This work, which is governed by the MIT license, is a contribution to the 2023 Transfer Learning competition called "Leaf Nothing Behind" (LNB) hosted by Transfer-Learning.org. The team consists of Antoine Debouchage, Valentin Goldite, Clement Wang, and Aurelien Wery. The competition is held in partnership with World from Space.


Installation

Install requirements and this repo (dynamically) with:

pip install -e .
pip install -r requirements-dev.txt # developer only

Prepare your data

Your data folder should be next to this repo so that the path to your data is ../data. It should contain three folders: s1, s2 and s2-mask. Each folder contains files under format *.tiff corresponding to the Sentinel-1, Sentinel-2 and Sentinel-2 mask respectively of shape (256, 256) (channels last). The name of the files should be:

<Country>_<Area>_<DateFrom>_<DateTo>-<IdxTime>-<#MeasurementBefore>-<Row>-<Column>.tiff
E.g: SPAIN_BADAJOZ_2019-03-11_2019-03-29-2-7-1-6.tiff

Dates should be in formal YYYY-MM-DD.

IdxTime is 0 for first time step, 1 for second time step and 2 for third time step.

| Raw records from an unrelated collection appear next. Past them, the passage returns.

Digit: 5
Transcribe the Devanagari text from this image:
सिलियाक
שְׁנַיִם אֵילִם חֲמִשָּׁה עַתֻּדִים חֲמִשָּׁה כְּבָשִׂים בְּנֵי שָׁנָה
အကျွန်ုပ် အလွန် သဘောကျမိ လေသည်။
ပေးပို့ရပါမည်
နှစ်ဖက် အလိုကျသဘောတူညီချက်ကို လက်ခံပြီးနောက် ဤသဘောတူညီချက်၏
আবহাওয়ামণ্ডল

#MeasurementBefore can be whatever number.

Row and Column are the coordinates of the image in a larger picture. It is used for data augmentation only.

The mask data should be uint8 and contains: 0 no data, 1 saturated or defective, 2 cast shadows, 3 cloud shadows, 4 vegetation, 5 not vegetated, 6 water, 7 unclassified, 8 cloud medium probability, 9 cloud high probability, 10 thin cirrus, 11 snow or ice.

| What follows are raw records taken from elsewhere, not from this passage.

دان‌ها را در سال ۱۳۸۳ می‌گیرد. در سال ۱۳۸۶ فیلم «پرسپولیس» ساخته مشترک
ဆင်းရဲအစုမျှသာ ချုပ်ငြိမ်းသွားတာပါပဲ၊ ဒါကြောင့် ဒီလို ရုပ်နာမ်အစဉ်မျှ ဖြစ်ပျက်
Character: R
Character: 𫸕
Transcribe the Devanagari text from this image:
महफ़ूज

The directory should also contain a csv file with the names of the usable data. It should contain three columns: '0', '1', '2' that correspond to t-2, t-1 and t. The rows is the name of the data (with .tiff extension) in the s1, s2 and s2-mask folders.

Create train, validation, test datasets with and without cloudy data

python lnb/data/split.py --csv_name --from_cloudy_percentage [--data_path=../data] [--prop_cloudy_val_test=20] [--cloudy_in_VT_regular=False] [--cloudy_in_train_regular=True]

The csv name should be the csv containing all your usable data.

Visualize data

python lnb/visualization/main.py --csv_name [--data_path=../data] [--n_images=30] [--kind=all]

Kind can be all (visualize all data and binary mask), lai (visualize LAI data), mask (visualize mask with colors).

Create 2 $\times$ 2 grids for data augmentation (continuous rotation 0° -> 360° and zoom)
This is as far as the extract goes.